Funny. Humans have an elaborate vocabulary for our misery, but we can never seem to adequately express the good in life.

Anyway, the best, and most ironic, part of the joy of conversion is that you’re NOT a new person. You’re not born again, as some would say. Rather you are the same you, but you’re not the old you. You are a happier, more powerful, more open and bountiful you with gifts of the Holy Spirit that are now coming to fruition. Rather than becoming a new person, you are becoming the person you were always meant to be. You were made in God’s image, exactly the way you were meant to be, and RCIA is like an adolescence and the conversion your passage to adulthood.

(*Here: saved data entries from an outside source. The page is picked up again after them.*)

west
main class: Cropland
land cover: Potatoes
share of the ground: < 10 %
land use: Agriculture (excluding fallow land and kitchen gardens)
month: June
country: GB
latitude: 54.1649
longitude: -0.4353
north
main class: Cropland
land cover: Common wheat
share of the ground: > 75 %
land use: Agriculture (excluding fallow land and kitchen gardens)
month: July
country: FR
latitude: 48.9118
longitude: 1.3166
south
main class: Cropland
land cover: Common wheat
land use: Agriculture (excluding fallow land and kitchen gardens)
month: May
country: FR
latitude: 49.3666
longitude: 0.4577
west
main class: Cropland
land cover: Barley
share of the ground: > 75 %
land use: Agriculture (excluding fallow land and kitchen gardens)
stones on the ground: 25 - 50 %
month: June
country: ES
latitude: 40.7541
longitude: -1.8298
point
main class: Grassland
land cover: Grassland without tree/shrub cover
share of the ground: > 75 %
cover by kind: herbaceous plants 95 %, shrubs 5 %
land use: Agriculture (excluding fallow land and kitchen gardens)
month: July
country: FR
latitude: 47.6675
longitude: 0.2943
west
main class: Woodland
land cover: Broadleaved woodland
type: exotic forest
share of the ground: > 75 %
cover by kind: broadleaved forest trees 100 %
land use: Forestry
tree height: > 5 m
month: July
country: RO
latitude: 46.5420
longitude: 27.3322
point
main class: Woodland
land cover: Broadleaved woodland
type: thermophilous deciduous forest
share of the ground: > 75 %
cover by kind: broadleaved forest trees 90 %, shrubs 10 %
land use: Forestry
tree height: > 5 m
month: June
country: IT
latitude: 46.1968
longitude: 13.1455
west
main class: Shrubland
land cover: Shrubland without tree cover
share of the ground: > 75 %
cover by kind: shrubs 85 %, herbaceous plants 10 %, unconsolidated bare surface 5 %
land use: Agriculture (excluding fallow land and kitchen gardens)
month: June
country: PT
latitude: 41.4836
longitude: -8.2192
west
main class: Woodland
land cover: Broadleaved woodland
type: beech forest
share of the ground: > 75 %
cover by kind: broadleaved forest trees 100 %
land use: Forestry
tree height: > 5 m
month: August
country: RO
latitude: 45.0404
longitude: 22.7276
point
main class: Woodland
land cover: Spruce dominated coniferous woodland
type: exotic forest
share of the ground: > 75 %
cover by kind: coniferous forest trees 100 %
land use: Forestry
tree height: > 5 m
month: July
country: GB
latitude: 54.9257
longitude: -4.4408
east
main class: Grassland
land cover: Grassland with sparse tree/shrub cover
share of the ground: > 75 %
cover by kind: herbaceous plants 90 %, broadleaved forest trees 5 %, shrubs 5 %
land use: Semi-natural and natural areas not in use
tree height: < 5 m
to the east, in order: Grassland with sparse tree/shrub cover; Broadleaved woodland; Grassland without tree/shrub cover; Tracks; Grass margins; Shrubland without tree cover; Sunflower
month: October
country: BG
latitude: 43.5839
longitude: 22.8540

That’s the way it happened with me. When I decided to convert and started attending Mass, nothing had really changed. I was still watching horror films, surfing the net, going to school, and doing all the things normal people do. I still liked them and cared about them as much as ever. Something was different, though, and the changes were subtle. With each passing day, I was less anxious with the trials before me and before the world. Almost reflexively, you start thinking more and more through the lens of faith. In the back of your mind, you will start asking questions about whether this is right; whether this can enrich or challenge your faith; whether this has meaning that is applicable to your faith; and how you can use something to bring others in to your faith. It happens anywhere and everywhere.

Everyone has days when they don’t understand it or don’t want to do it, and you will have a lot of those days. I can almost guarantee it. Yet every time you walk past a Church or look on your calendar and make plans for Sunday, you will feel a tug, ever so slight, like a friend pulling on your hand asking again and again, “Come on! Come to Church with me!” It does not physically happen that way, but the sensation of longing very much feels like a real physical tug. Respond to this tug. He is your friend and He is waiting.

In any case, you will experience joy, which might manifest itself in the following ways:

  • A new understanding and appreciation of other people and their worldviews
  • Feeling motivated to try news things/old things you have always wanted to do
  • Feeling like you can do anything
  • Thinking less about the what-ifs in life or being more proactive about them
  • Not being as fazed by life’s problems when they do occur
  • Living more in the now
  • Feeling more generous than you used to
  • Taking more joy in little things
  • Being friends with people you never would have approached before
Joy can manifest in many ways, and the aforementioned are only a few of them. That joy may not be understood by others, but on the other hand, other people’s opinions won’t bother you as much.:)
Some of the items of my list of joys involve the sense that you have power, and this power is the power of God. Within you, you have faith in God and His forgiveness. You have the power of Jesus’ example. Then you have the power vested in you by the Holy Spirit and His gifts, bestowed upon you when you received your Confirmation. These attributes give you power over your life and over doubts and even over Satan himself. St. Therese of Lisieux said that holiness is not about doing great things, but doing little things greatly.
It is the joy that comes with knowing you are NEVER alone, the greatest joy of them all.
Father L, my first priest, was delivering a homily one Sunday morning in which he told the story of a Holocaust survivor. He thought his entire family had perished and one day, he got a letter in the mail from his family. It said, “We’re alive. We love you. We’re waiting.”
On days when you feel that faith, goodness, or life as you know it has perished,
remember this.
God is alive in the world today. He loves you. He’s waiting.